By Harrison Abbott
Many people thought Kelvin was an odd child. Not just his family. Lots of people recognised, even when he was a baby, that he was different. The majority never said anything. But they all noticed it.
When Kelvin was in nursery the nurses noticed that he never talked. He could do the basic words of communication. But he never spoke to the other children; he had no interest in them, even with the pretty girls. All Kelvin did was draw or concentrate on the toys. He would draw endless pictures whilst the other kids mucked around.

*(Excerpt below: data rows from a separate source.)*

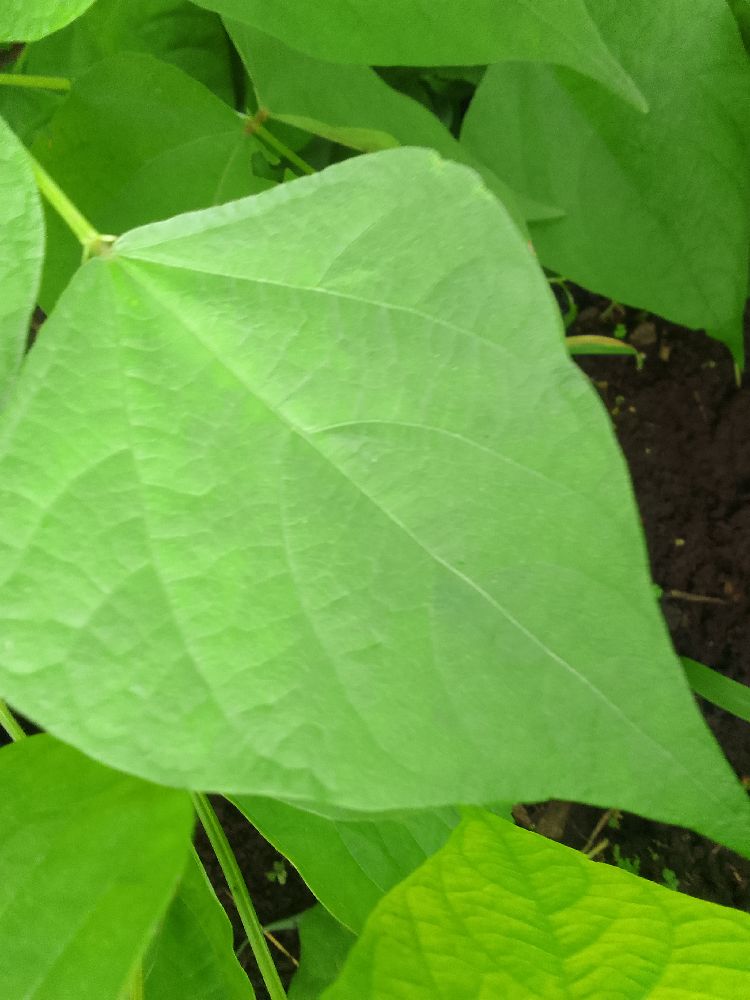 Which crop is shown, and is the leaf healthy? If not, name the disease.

common bean, healthy
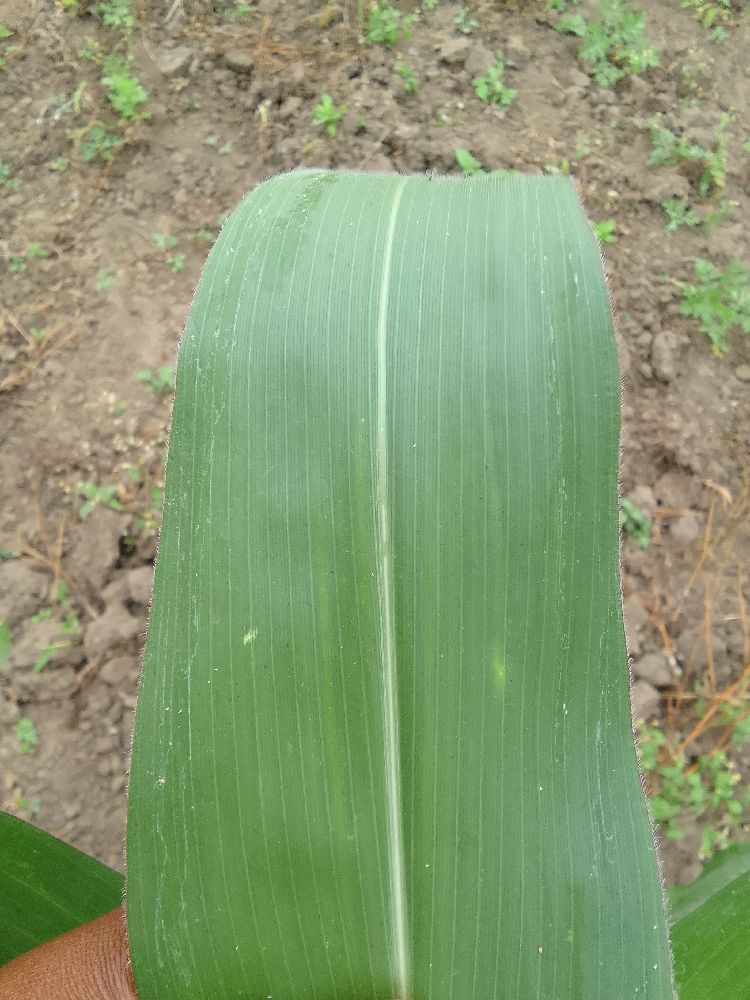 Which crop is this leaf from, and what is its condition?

maize, healthy
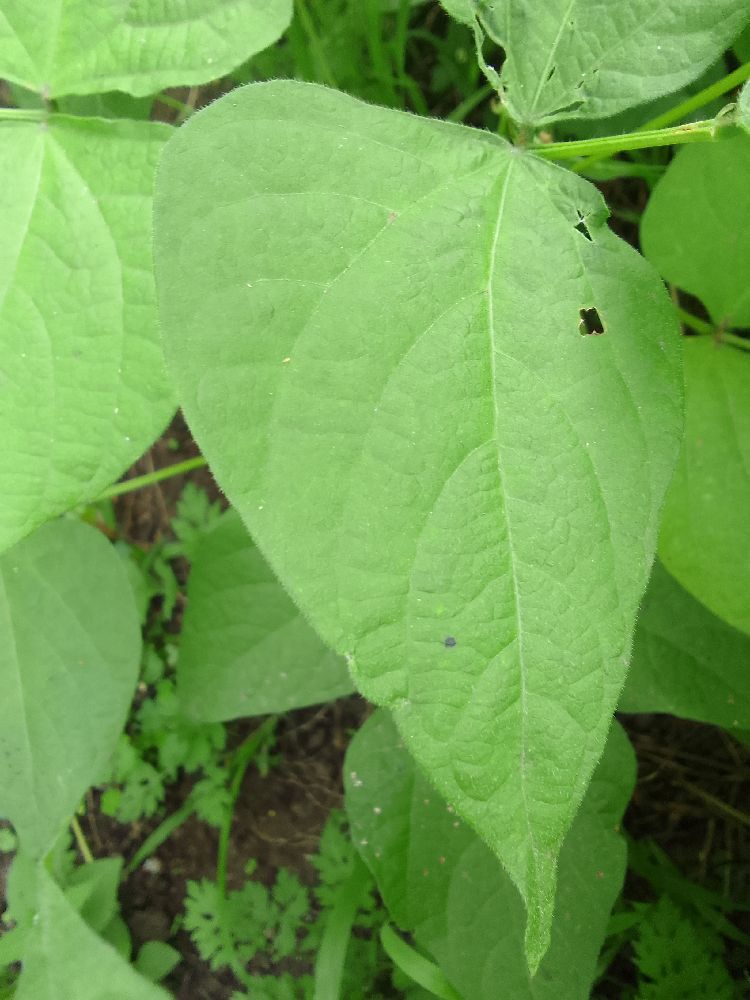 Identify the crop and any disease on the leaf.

common bean, healthy
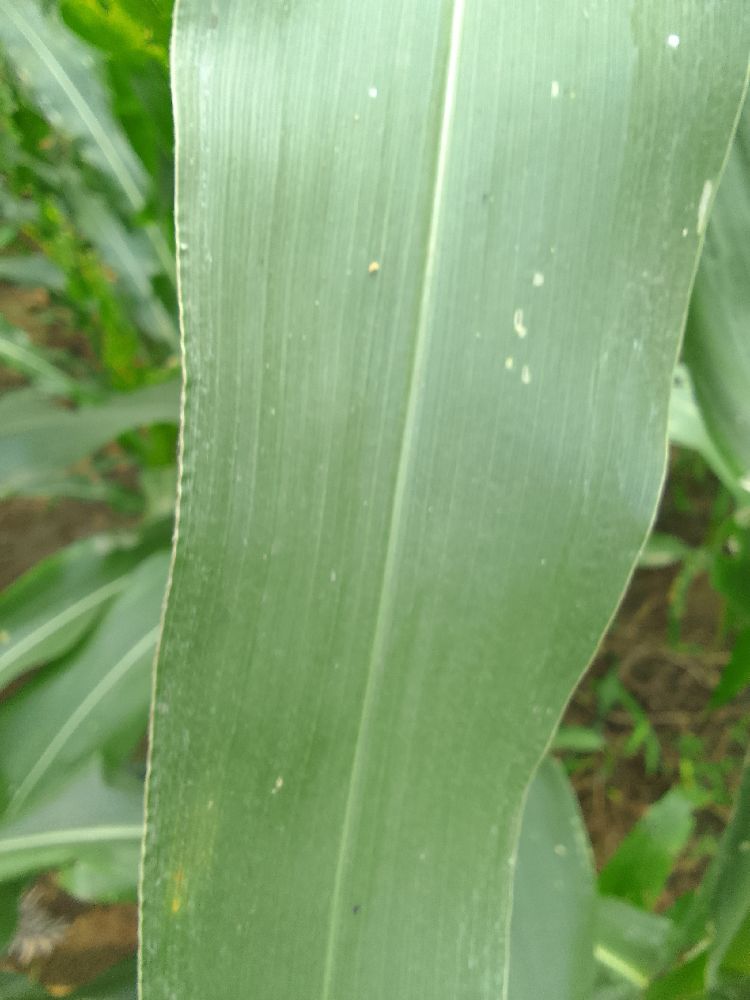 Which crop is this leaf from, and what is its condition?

maize, healthy
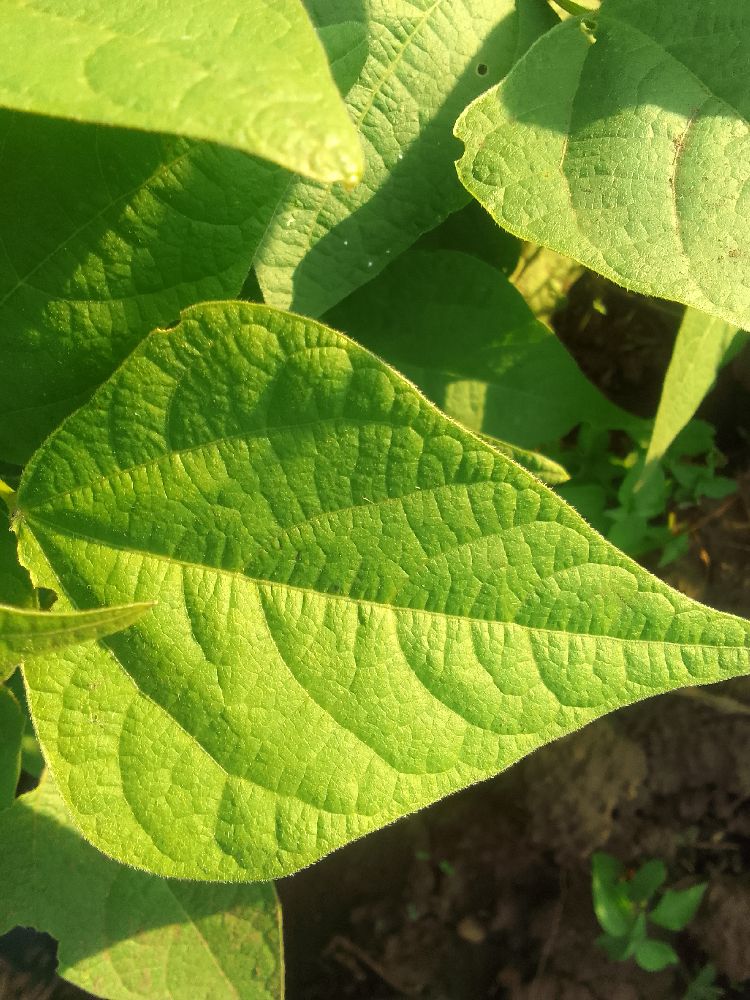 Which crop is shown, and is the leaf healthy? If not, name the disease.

common bean, healthy
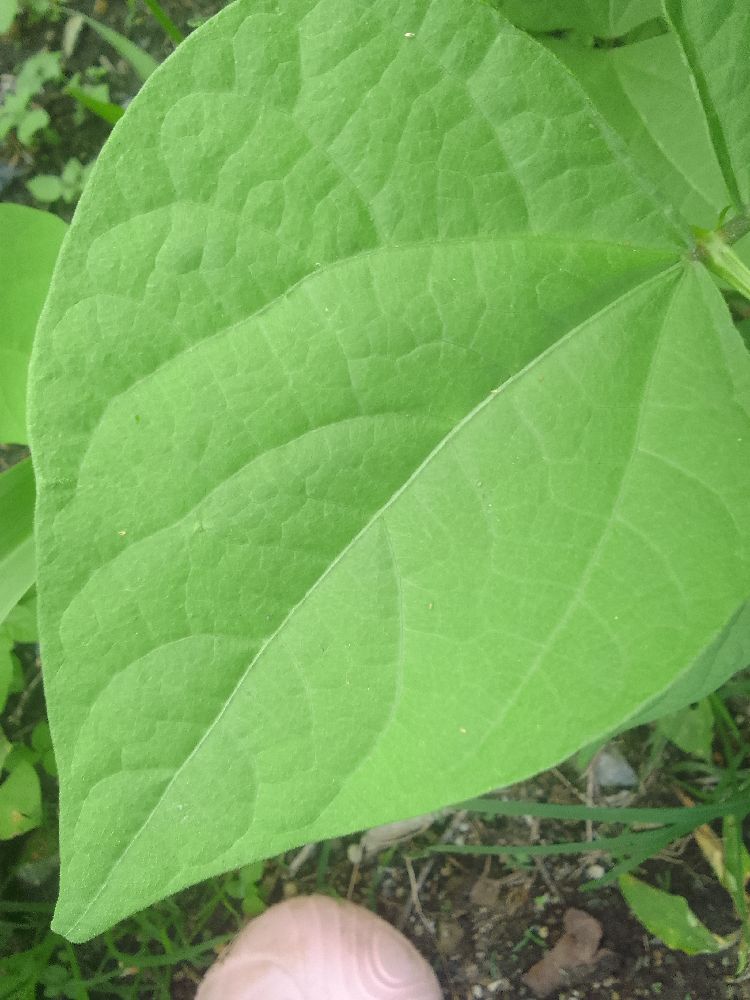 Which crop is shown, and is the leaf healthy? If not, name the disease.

common bean, healthy
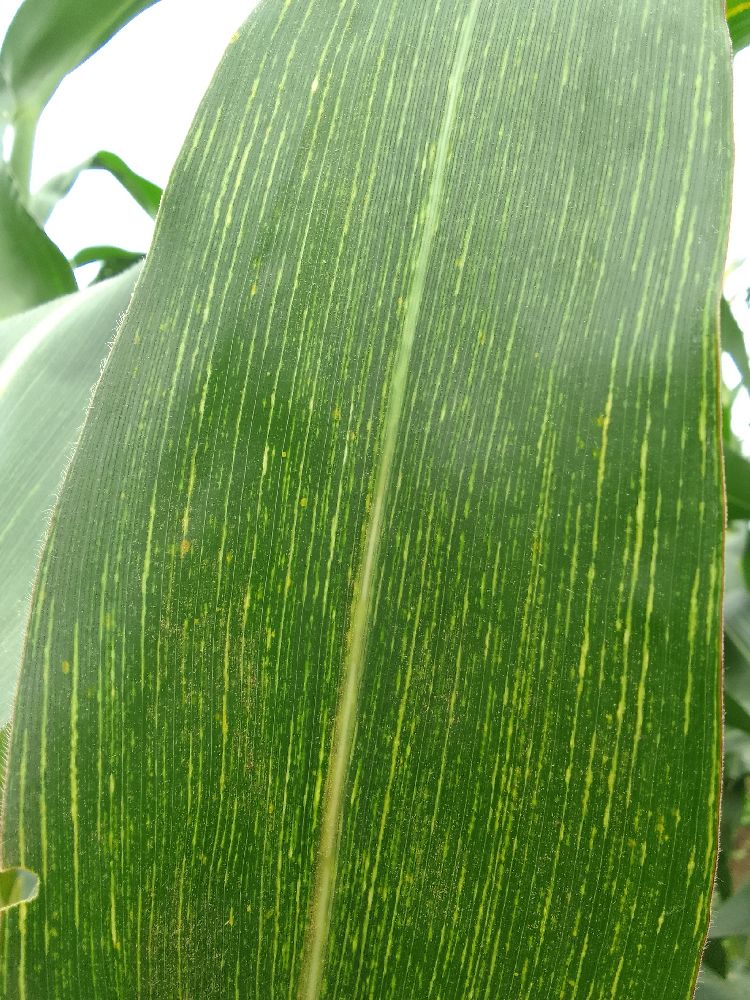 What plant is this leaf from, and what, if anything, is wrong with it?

maize, maize streak virus
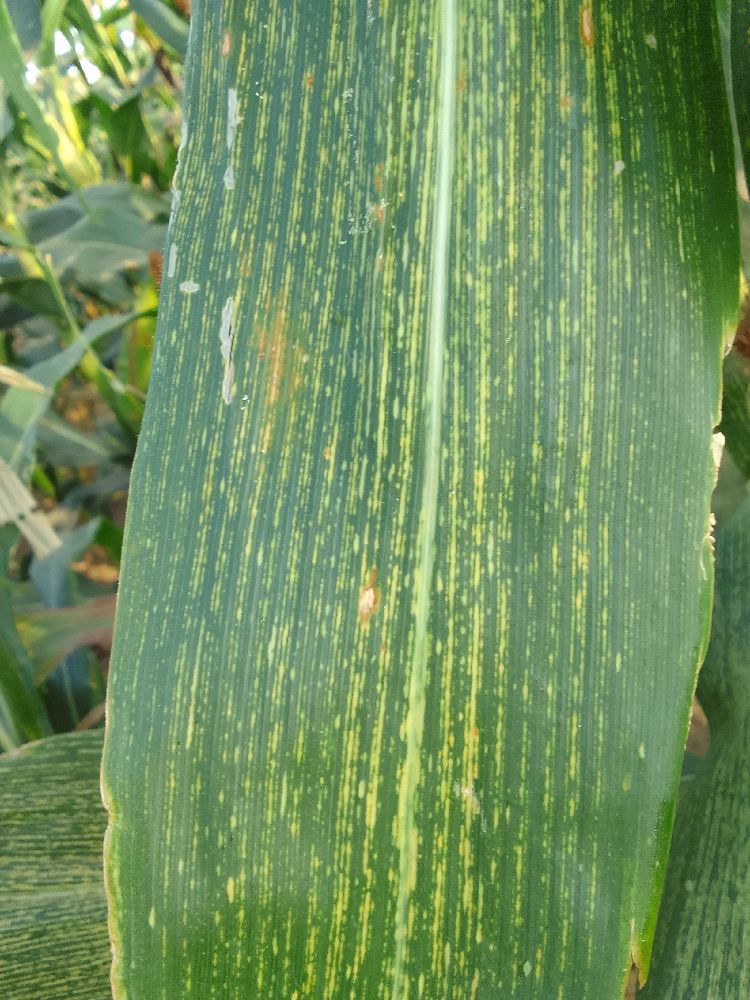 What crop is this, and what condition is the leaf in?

maize, maize streak virus
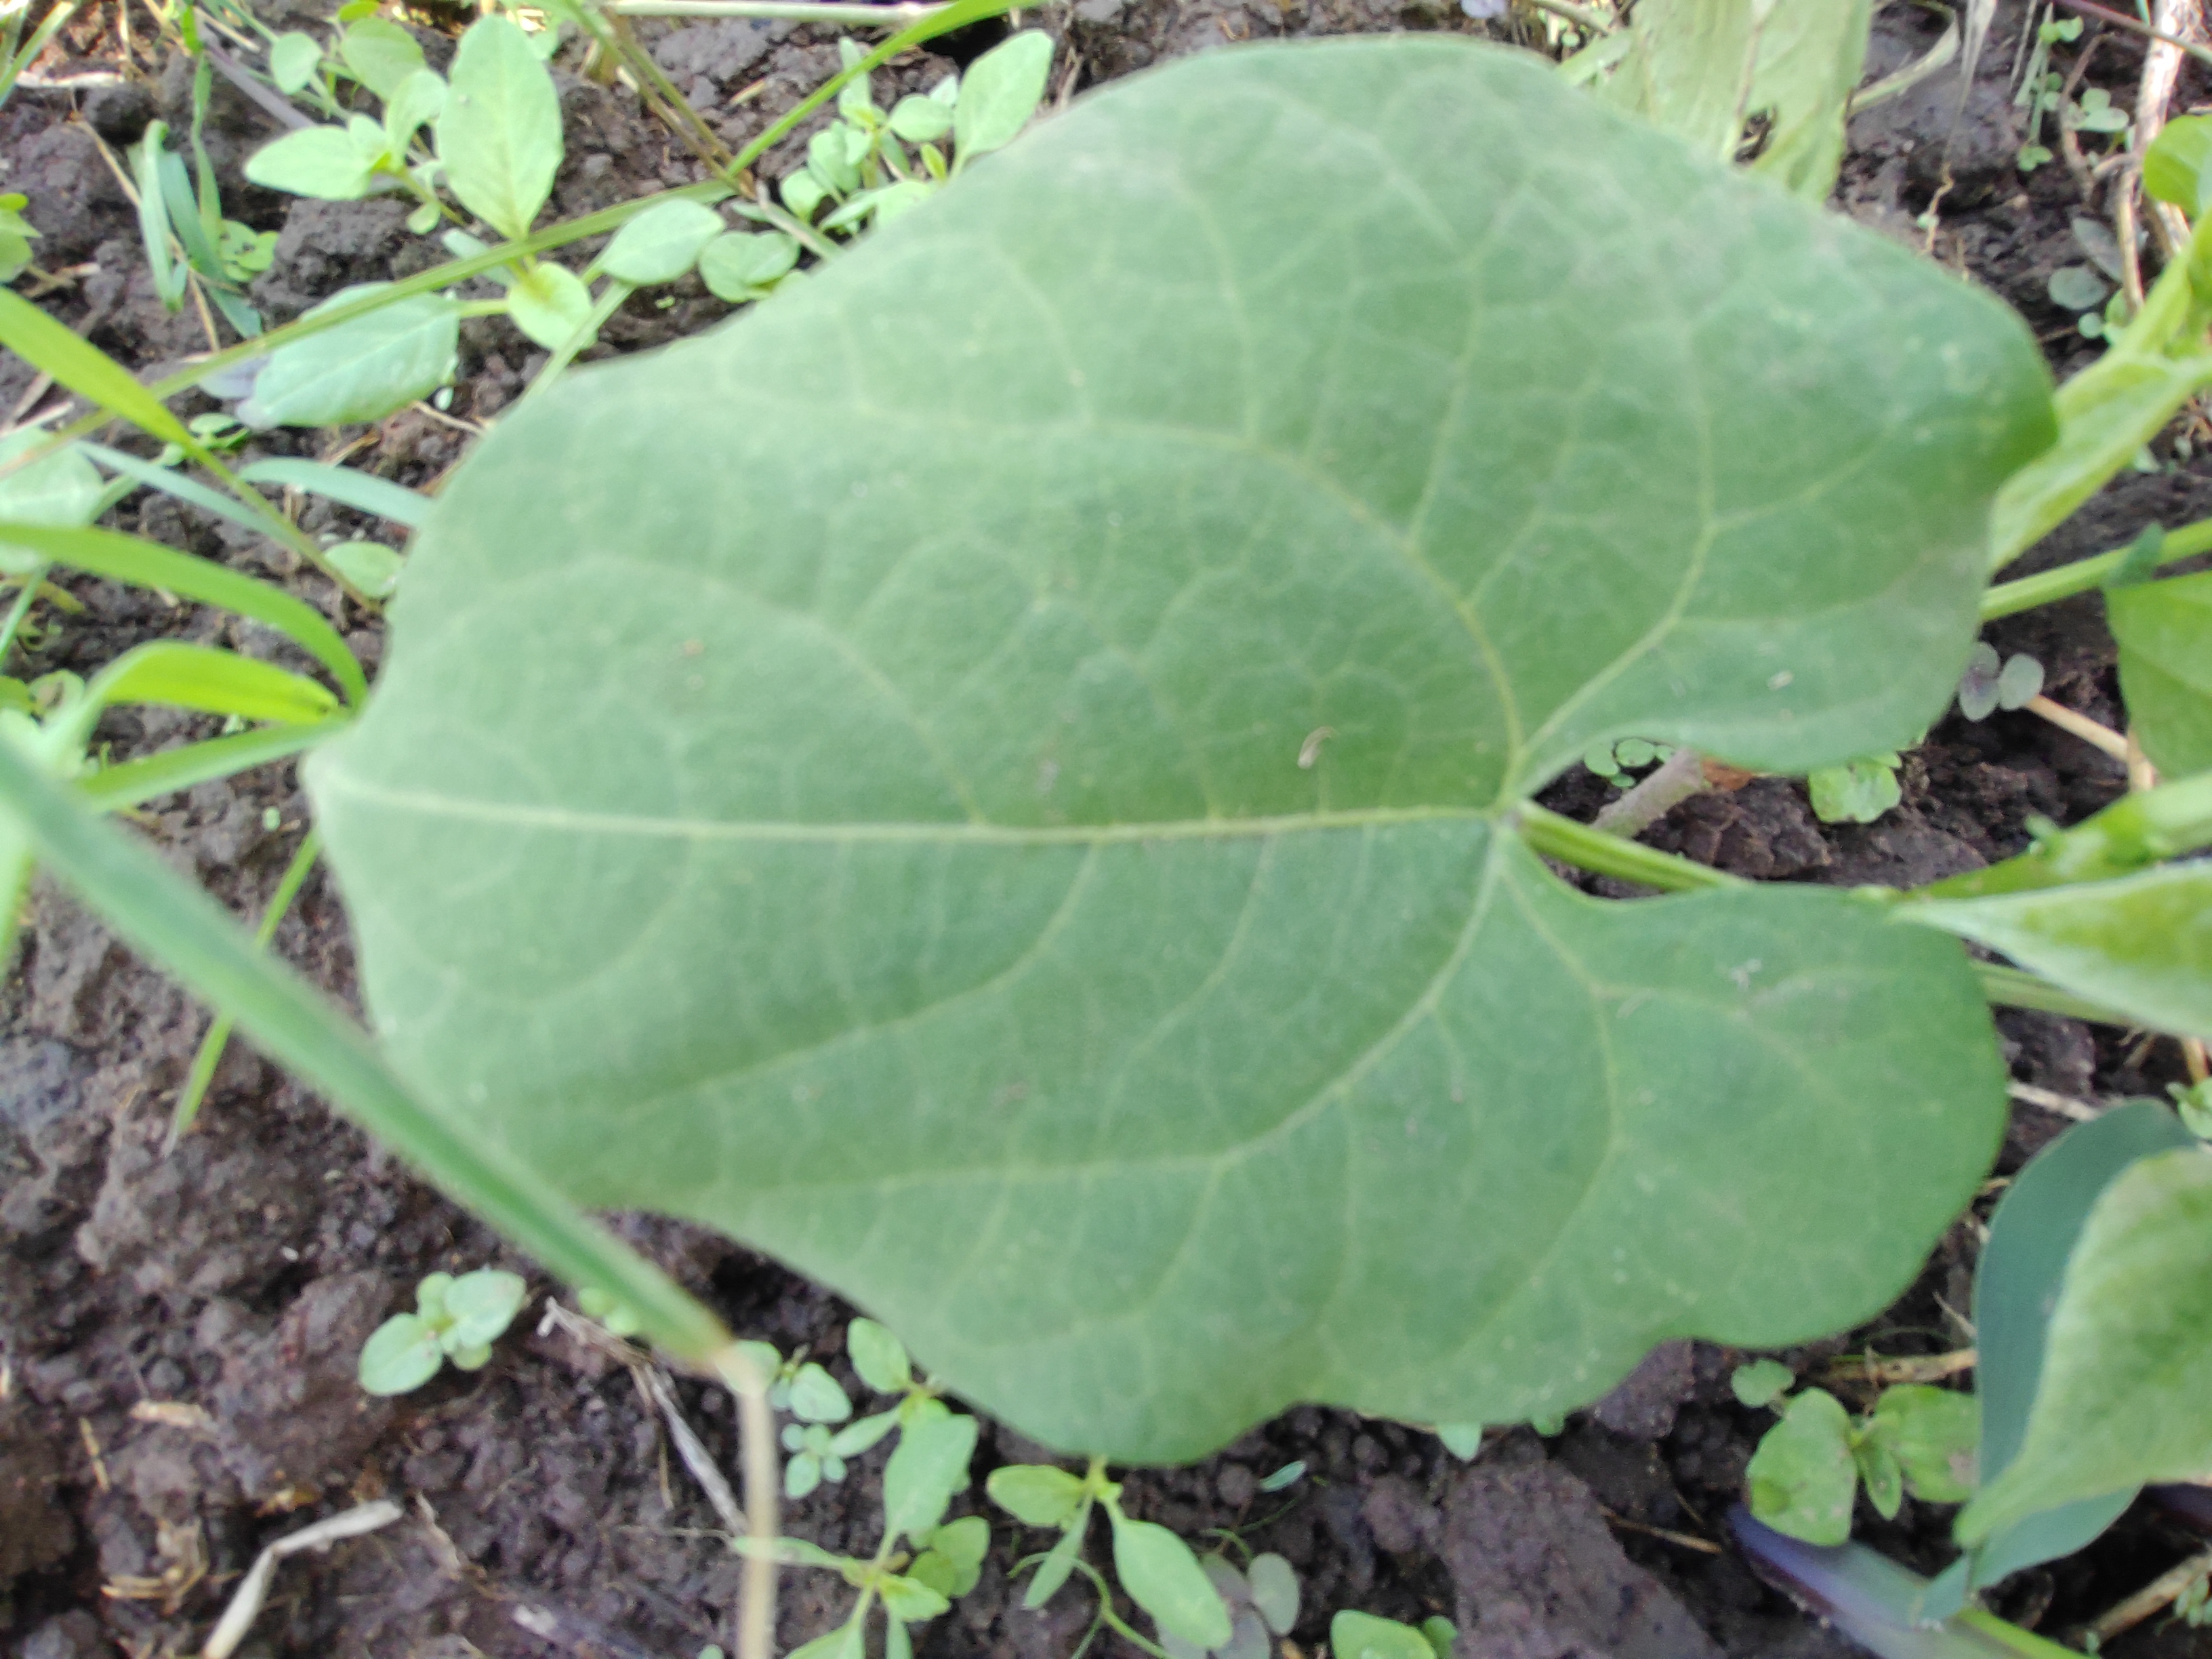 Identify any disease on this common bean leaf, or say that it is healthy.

healthy

The nurses mentioned this to Kelvin’s mother. There was a hint that something might be wrong with her son. She chose to ignore it. Whereas other people thought Kelvin was a freak, she saw him as special.
Kelvin was bullied atrociously in primary school. He had zero ability to defend himself and was physically attacked with chronic greed by the other boys. He would come home crying. The family were unsure what to do about him.
The only time he was happy was on the week nights or the weekends, when he could be creative. He’d draw and paint and he could hammer the piano as if he were twenty years older. School was brutal for him but he was saved by his talents.
A Christmas came and Kelvin’s Aunt gave him an encyclopaedia as a gift. An encyclopaedia about space. It was a D.K. classic, filled with pictures and quirky facts about Man’s adventures into orbit. And it hooked Kelvin the instant he saw it.
And he devoured the pages and relished the information. He stayed up of nights and could concentrate on nothing else. And on one school night he vowed to his mother:
“I’m going to build a rocket.”
“What do you mean, honey?”
“I am going to make a rocket in the woods.”
She laughed, innocently.
“That sounds great, honey. Show me it when it’s done.”
The next morning Kelvin left the house with a massive rucksack. His mother saw him from the window. He didn’t come home and until night and she gave him a row when he walked in the door. He was tired and muddy and was too dazed to accept her anger.
“Where were you all day, Kelvin? I was so worried!”
“I told you. I was in the woods.”
“Building my rocket.”
She blinked at him.
“I don’t want you doing that anymore, son. I don’t like this.”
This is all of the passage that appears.